[Records excerpted from a collection]
• • •
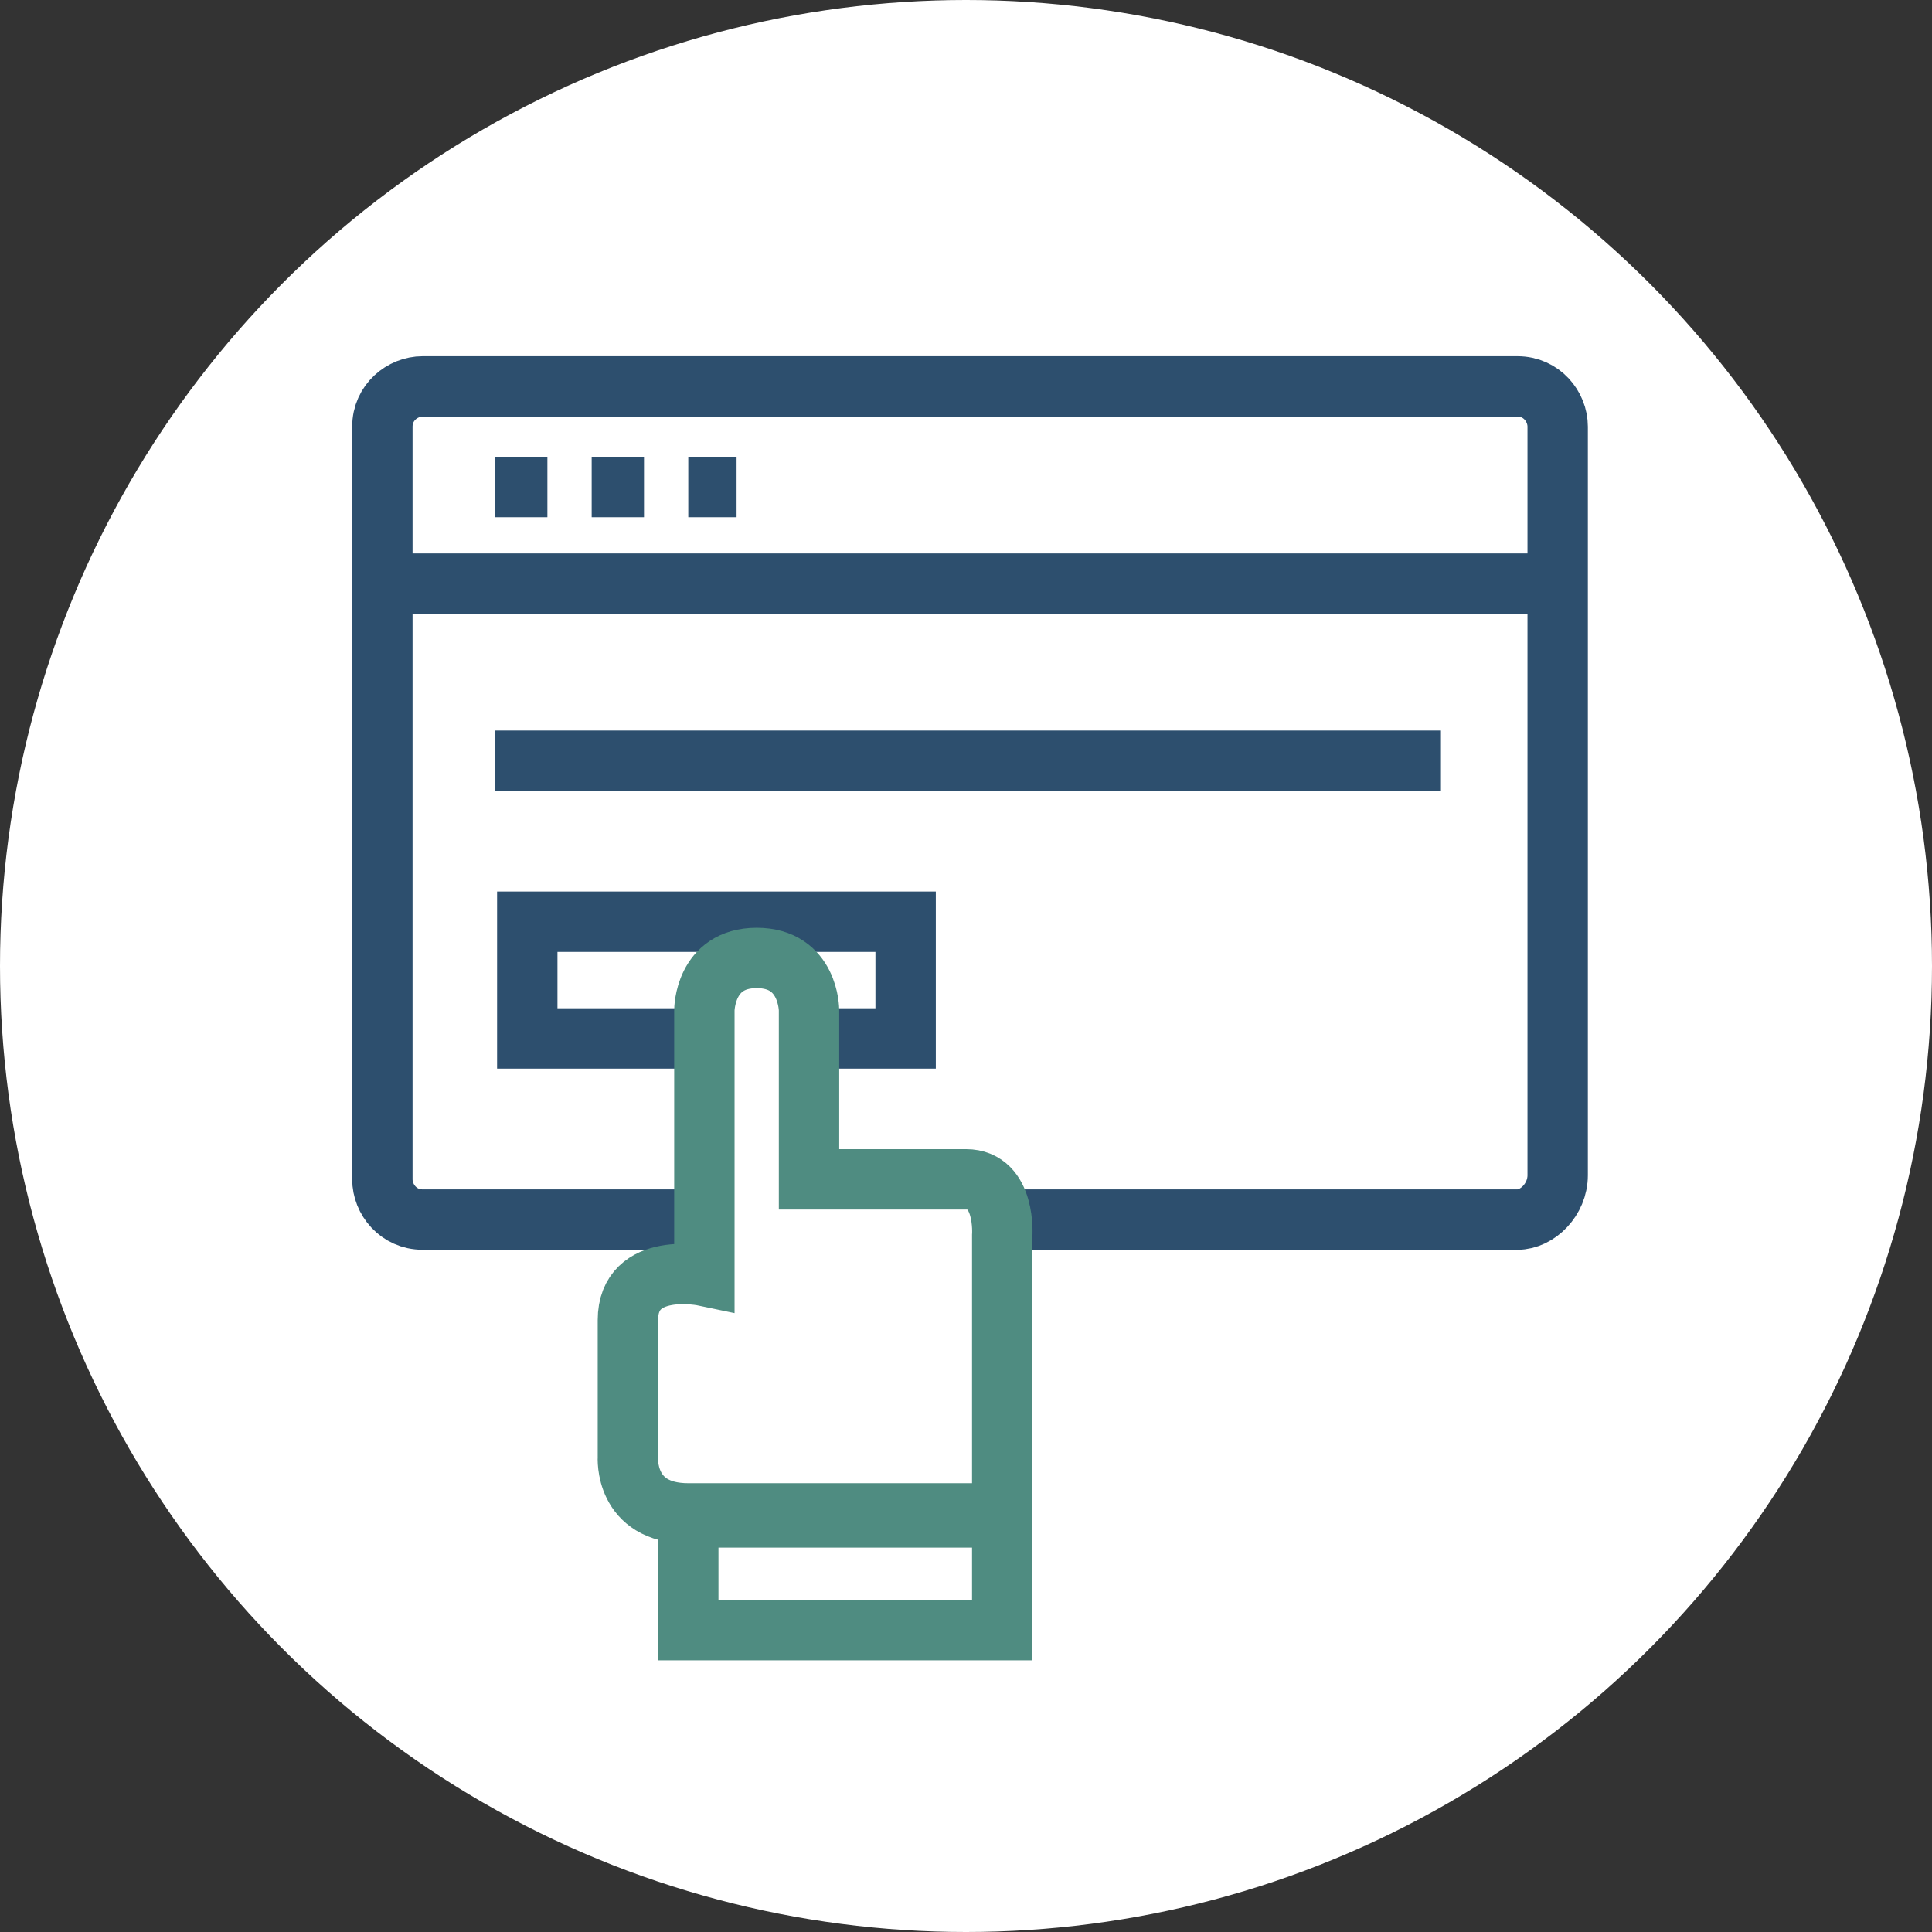 <?xml version="1.0" encoding="utf-8"?>
<!-- Generator: Adobe Illustrator 25.0.0, SVG Export Plug-In . SVG Version: 6.00 Build 0)  -->
<svg version="1.1" id="Layer_1" xmlns="http://www.w3.org/2000/svg" xmlns:xlink="http://www.w3.org/1999/xlink" x="0px" y="0px"
	 viewBox="0 0 48 48" style="enable-background:new 0 0 48 48;" xml:space="preserve">
<rect x="0" y="0" width="48" height="48" fill="#333333" stroke="none"/>
<style type="text/css">
	.st0{fill:#FFFFFF;}
	.st1{fill:none;stroke:#2D4F6E;stroke-width:1.5;}
	.st2{fill:#FFFFFF;stroke:#4F8C81;stroke-width:1.5;}
</style>
<g>
	<circle class="st0" cx="24" cy="24" r="24"/>
</g>
<g>
	<line class="st1" x1="9.3" y1="14.5" x2="38.7" y2="14.5"/>
	<line class="st1" x1="13.6" y1="12.1" x2="12.3" y2="12.1"/>
	<line class="st1" x1="16" y1="12.1" x2="14.7" y2="12.1"/>
	<line class="st1" x1="18.3" y1="12.1" x2="17.1" y2="12.1"/>
	<path class="st1" d="M37.7,30.3H10.5c-0.6,0-1-0.5-1-1V10.6c0-0.6,0.5-1,1-1h27.2c0.6,0,1,0.5,1,1v18.6
		C38.7,29.8,38.2,30.3,37.7,30.3z"/>
	<g>
		<rect x="13.1" y="22.9" class="st1" width="9.4" height="2.9"/>
		<line class="st1" x1="12.3" y1="18.9" x2="35.8" y2="18.9"/>
	</g>
	<g>
		<rect x="17.1" y="37.7" class="st2" width="7.8" height="2.8"/>
		<path class="st2" d="M17.5,31.7c0,0-1.9-0.4-1.9,1.1c0,1.5,0,3.4,0,3.4s-0.1,1.4,1.5,1.4s7.8,0,7.8,0v-6.9c0,0,0.1-1.4-0.9-1.4
			c-0.9,0-3.9,0-3.9,0v-4.2c0,0,0-1.3-1.3-1.3s-1.3,1.3-1.3,1.3L17.5,31.7z"/>
	</g>
</g>
</svg>
• • •
■ Directions for this task ■
Please go through the data above and copy each line that has the word "fill".

■ Solved problem ■
<rect x="0" y="0" width="48" height="48" fill="#333333" stroke="none"/>
	.st0{fill:#FFFFFF;}
	.st1{fill:none;stroke:#2D4F6E;stroke-width:1.5;}
	.st2{fill:#FFFFFF;stroke:#4F8C81;stroke-width:1.5;}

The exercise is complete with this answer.